I'm explaining so much about the Jack character because there's no development. I don't mean that in a bad way. Jack is just stuck in this cycle of not having enough money, of fantasizing about a real life with a person trying to do her job, and he isn't going to get out of it. As Jack digs deeper into his rut, we transition to Scarlet's life. Her partner pushes her to make all of the money in their relationship, and she gives up on painting ambitions so she can spend more time camming to raise money for his business idea. Scarlet gets three-dimensional and it's clear she's allowing herself to be used in the same way Jack allows her to use him, and that both characters are putting on performances for the benefit of the other.
There's a plot here. Jack thinks he sees Scarlet at a bodega and, realizing she may not actually live across the country, essentially tries to stalk her. Communication through the camming site continues, but in that moment the setting shrinks from the Internet to Brooklyn. That, to me, is the purpose of the plot, and whatever Safdie bros-style hijinks proceed are mainly in service of getting two incredible actors into the same room. I would have been happy to watch them in a hangout movie, exterior tension be damned. And I won't spoil it, but the last scene is maybe too elliptical for a movie with twists like this. Emotionally, it works, as a piece of plot in an otherwise grounded film, I don't know.
“Intimacy" is thrown around so often in movies about sex, but Hozie, Vack and Fox have made a truly intimate movie. During one cam session, Scarlet tells Jack he isn't allowed to come. She commands him to put his hands in front of the camera so she knows he isn't masturbating. He does, but a few seconds later we cut to his flaccid dick, cum speckling the ground. He wipes it up with a t-shirt. I realized, watching this, that I'd never seen a blown orgasm in a movie. It's small, but it's the kind of actually intimate moment so many films, even small ones specifically about sexual relationships, don't show. I've seen a thousand movie dudes who can't get it up, but I don't think I've seen one get awkwardly humiliated like this. I've seen a million movies about sex workers but I don't think I've seen more than a handful where that person hasn't been forced into it because of rough circumstances.

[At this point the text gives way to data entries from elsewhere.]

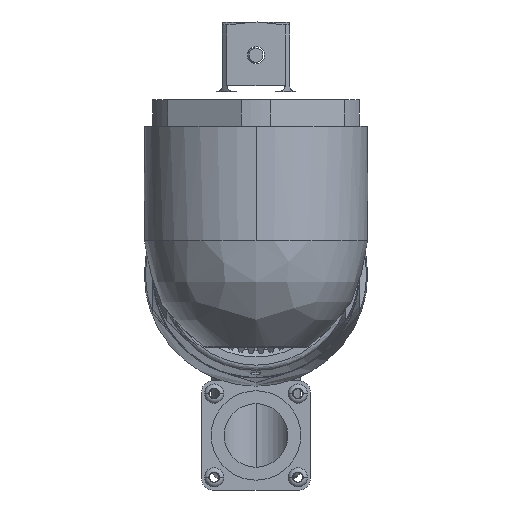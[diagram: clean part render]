
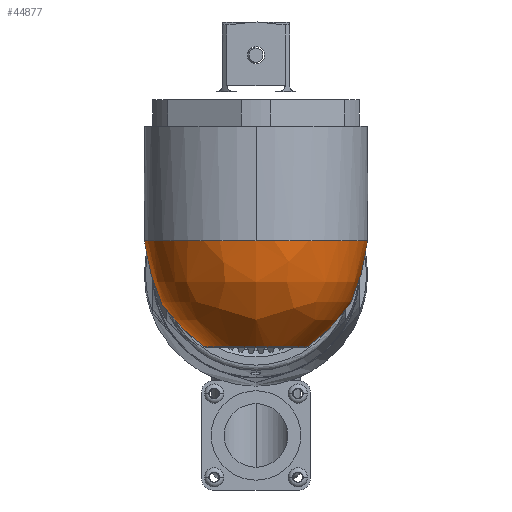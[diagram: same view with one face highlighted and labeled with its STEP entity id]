
A CAD part, left-side view. The second image highlights one B-rep face of the part: STEP entity #44877.
In plain terms, the highlighted free-form (B-spline) face has degree [3, 3] with [7, 4] control points.
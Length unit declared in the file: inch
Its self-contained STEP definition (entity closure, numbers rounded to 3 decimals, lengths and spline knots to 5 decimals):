
#38812=CARTESIAN_POINT('',(-18.0465,0.3809,
-0.81056));
#38813=CARTESIAN_POINT('',(-18.04271,0.40744,
-0.79862));
#38814=CARTESIAN_POINT('',(-18.03376,0.4628,
-0.77093));
#38815=CARTESIAN_POINT('',(-18.01497,0.55103,
-0.71538));
#38816=CARTESIAN_POINT('',(-17.98933,0.64279,
-0.64244));
#38817=CARTESIAN_POINT('',(-17.95593,0.73381,
-0.54965));
#38818=CARTESIAN_POINT('',(-17.91433,0.81979,
-0.43474));
#38819=CARTESIAN_POINT('',(-17.86244,0.89687,
-0.28972));
#38820=CARTESIAN_POINT('',(-17.80557,0.95034,
-0.12656));
#38821=CARTESIAN_POINT('',(-17.7488,0.97511,
0.04165));
#38822=CARTESIAN_POINT('',(-17.69338,0.97131,
0.21135));
#38823=CARTESIAN_POINT('',(-17.65858,0.95014,
0.32123));
#38824=CARTESIAN_POINT('',(-17.64179,0.93505,
0.375));
#38845=CARTESIAN_POINT('',(-18.47695,0.005,-0.81056));
#38846=DIRECTION('',(0.,0.,-1.));
#38847=DIRECTION('',(0.753,-0.658,0.));
#38848=AXIS2_PLACEMENT_3D('',#38845,#38846,#38847);
#38855=CARTESIAN_POINT('',(-18.47695,0.005,0.375));
#38856=DIRECTION('',(0.,0.,-1.));
#38857=DIRECTION('',(-1.,0.,0.));
#38858=AXIS2_PLACEMENT_3D('',#38855,#38856,#38857);
#38899=CARTESIAN_POINT('',(-18.47695,0.005,0.375));
#38900=DIRECTION('',(0.,0.,1.));
#38901=DIRECTION('',(-1.,0.,0.));
#38902=AXIS2_PLACEMENT_3D('',#38899,#38900,#38901);
#39193=CARTESIAN_POINT('',(-17.64179,-0.92505,
0.375));
#39194=CARTESIAN_POINT('',(-17.6582,-0.93979,
0.32246));
#39195=CARTESIAN_POINT('',(-17.69217,-0.96068,
0.21515));
#39196=CARTESIAN_POINT('',(-17.74623,-0.96537,
0.04943));
#39197=CARTESIAN_POINT('',(-17.80165,-0.94268,
-0.11508));
#39198=CARTESIAN_POINT('',(-17.85698,-0.89312,
-0.27425));
#39199=CARTESIAN_POINT('',(-17.90944,-0.81844,
-0.42118));
#39200=CARTESIAN_POINT('',(-17.95274,-0.73151,
-0.54084));
#39201=CARTESIAN_POINT('',(-17.98737,-0.63901,
-0.63694));
#39202=CARTESIAN_POINT('',(-18.01393,-0.54546,
-0.71235));
#39203=CARTESIAN_POINT('',(-18.03341,-0.45491,
-0.76984));
#39204=CARTESIAN_POINT('',(-18.04261,-0.39813,
-0.79831));
#39205=CARTESIAN_POINT('',(-18.0465,-0.3709,
-0.81056));
#39249=VERTEX_POINT('',#38812);
#39250=VERTEX_POINT('',#38824);
#39253=VERTEX_POINT('',#39193);
#39254=VERTEX_POINT('',#39205);
#40089=CARTESIAN_POINT('',(-19.72695,0.005,0.375));
#40090=VERTEX_POINT('',#40089);
#44837=CARTESIAN_POINT('',(-17.46049,-0.72203,
0.40359));
#44838=CARTESIAN_POINT('',(-17.45168,-0.72833,
-0.11764));
#44839=CARTESIAN_POINT('',(-17.6623,-0.57768,
-0.57011));
#44840=CARTESIAN_POINT('',(-18.0323,-0.31304,
-0.82478));
#44841=CARTESIAN_POINT('',(-18.31994,-1.92363,
0.40359));
#44842=CARTESIAN_POINT('',(-18.31858,-1.94036,
-0.11764));
#44843=CARTESIAN_POINT('',(-18.35112,-1.54071,
-0.57011));
#44844=CARTESIAN_POINT('',(-18.40827,-0.83867,
-0.82478));
#44845=CARTESIAN_POINT('',(-19.72665,-1.47233,
0.40359));
#44846=CARTESIAN_POINT('',(-19.73749,-1.48514,
-0.11764));
#44847=CARTESIAN_POINT('',(-19.47853,-1.17901,
-0.57011));
#44848=CARTESIAN_POINT('',(-19.02363,-0.64125,
-0.82478));
#44849=CARTESIAN_POINT('',(-19.72665,0.005,
0.40359));
#44850=CARTESIAN_POINT('',(-19.73749,0.005,
-0.11764));
#44851=CARTESIAN_POINT('',(-19.47853,0.005,
-0.57011));
#44852=CARTESIAN_POINT('',(-19.02363,0.005,
-0.82478));
#44853=CARTESIAN_POINT('',(-19.72665,1.48233,
0.40359));
#44854=CARTESIAN_POINT('',(-19.73749,1.49514,
-0.11764));
#44855=CARTESIAN_POINT('',(-19.47853,1.18901,
-0.57011));
#44856=CARTESIAN_POINT('',(-19.02363,0.65125,
-0.82478));
#44857=CARTESIAN_POINT('',(-18.31994,1.93363,
0.40359));
#44858=CARTESIAN_POINT('',(-18.31858,1.95036,
-0.11764));
#44859=CARTESIAN_POINT('',(-18.35112,1.55071,
-0.57011));
#44860=CARTESIAN_POINT('',(-18.40827,0.84867,
-0.82478));
#44861=CARTESIAN_POINT('',(-17.46049,0.73203,
0.40359));
#44862=CARTESIAN_POINT('',(-17.45168,0.73833,
-0.11764));
#44863=CARTESIAN_POINT('',(-17.6623,0.58768,
-0.57011));
#44864=CARTESIAN_POINT('',(-18.0323,0.32304,
-0.82478));
#44865=(BOUNDED_SURFACE()B_SPLINE_SURFACE(3,3,((#44837,#44838,#44839,#44840),(
#44841,#44842,#44843,#44844),(#44845,#44846,#44847,#44848),(#44849,#44850,
#44851,#44852),(#44853,#44854,#44855,#44856),(#44857,#44858,#44859,#44860),(
#44861,#44862,#44863,#44864)),.UNSPECIFIED.,.F.,.F.,.F.)B_SPLINE_SURFACE_WITH_KNOTS((4,3,4),(4,4),(0.,1.,2.),(0.,1.),.UNSPECIFIED.)GEOMETRIC_REPRESENTATION_ITEM()RATIONAL_B_SPLINE_SURFACE(((1.65,1.493,
1.493,1.65),(0.886,0.802,
0.802,0.886),(0.886,0.802,
0.802,0.886),(1.65,1.493,
1.493,1.65),(0.886,0.802,
0.802,0.886),(0.886,0.802,
0.802,0.886),(1.65,1.493,
1.493,1.65)))REPRESENTATION_ITEM('')SURFACE());
#44866=ORIENTED_EDGE('',*,*,#44828,.T.);
#44868=ORIENTED_EDGE('',*,*,#44867,.F.);
#44870=ORIENTED_EDGE('',*,*,#44869,.T.);
#44872=ORIENTED_EDGE('',*,*,#44871,.T.);
#44874=ORIENTED_EDGE('',*,*,#44873,.T.);
#44875=EDGE_LOOP('',(#44866,#44868,#44870,#44872,#44874));
#44876=FACE_OUTER_BOUND('',#44875,.F.);
#44877=ADVANCED_FACE('',(#44876),#44865,.T.);
#38825=B_SPLINE_CURVE_WITH_KNOTS('',3,(#38812,#38813,#38814,#38815,#38816,
#38817,#38818,#38819,#38820,#38821,#38822,#38823,#38824),.UNSPECIFIED.,.F.,.F.,(
4,1,1,1,1,1,1,1,1,1,4),(0.,0.1,0.2,0.3,0.4,0.5,0.6,0.7,0.8,
0.9,1.),.UNSPECIFIED.);
#38849=CIRCLE('',#38848,0.57148);
#38859=CIRCLE('',#38858,1.25);
#38903=CIRCLE('',#38902,1.25);
#39206=B_SPLINE_CURVE_WITH_KNOTS('',3,(#39193,#39194,#39195,#39196,#39197,
#39198,#39199,#39200,#39201,#39202,#39203,#39204,#39205),.UNSPECIFIED.,.F.,.F.,(
4,1,1,1,1,1,1,1,1,1,4),(0.,0.1,0.2,0.3,0.4,0.5,0.6,0.7,0.8,
0.9,1.),.UNSPECIFIED.);
#44828=EDGE_CURVE('',#39249,#39250,#38825,.T.);
#44867=EDGE_CURVE('',#40090,#39250,#38859,.T.);
#44869=EDGE_CURVE('',#40090,#39253,#38903,.T.);
#44871=EDGE_CURVE('',#39253,#39254,#39206,.T.);
#44873=EDGE_CURVE('',#39254,#39249,#38849,.T.);

That makes PVT Chat real in a way erotic thrillers can't touch. For a movie to neither vilify sex or make it pornographic while being so heavily reliant on it as the crux of a relationship is incredible. I don't want it to seem like I saw a good-looking actor jack off and immediately stood up and started clapping, but it was, honestly, a good sign. I knew then that PVT Chat was going after online connection and relationships, subjects people began exploring in fake-profound movies since the days of AOL trial discs, from a new angle.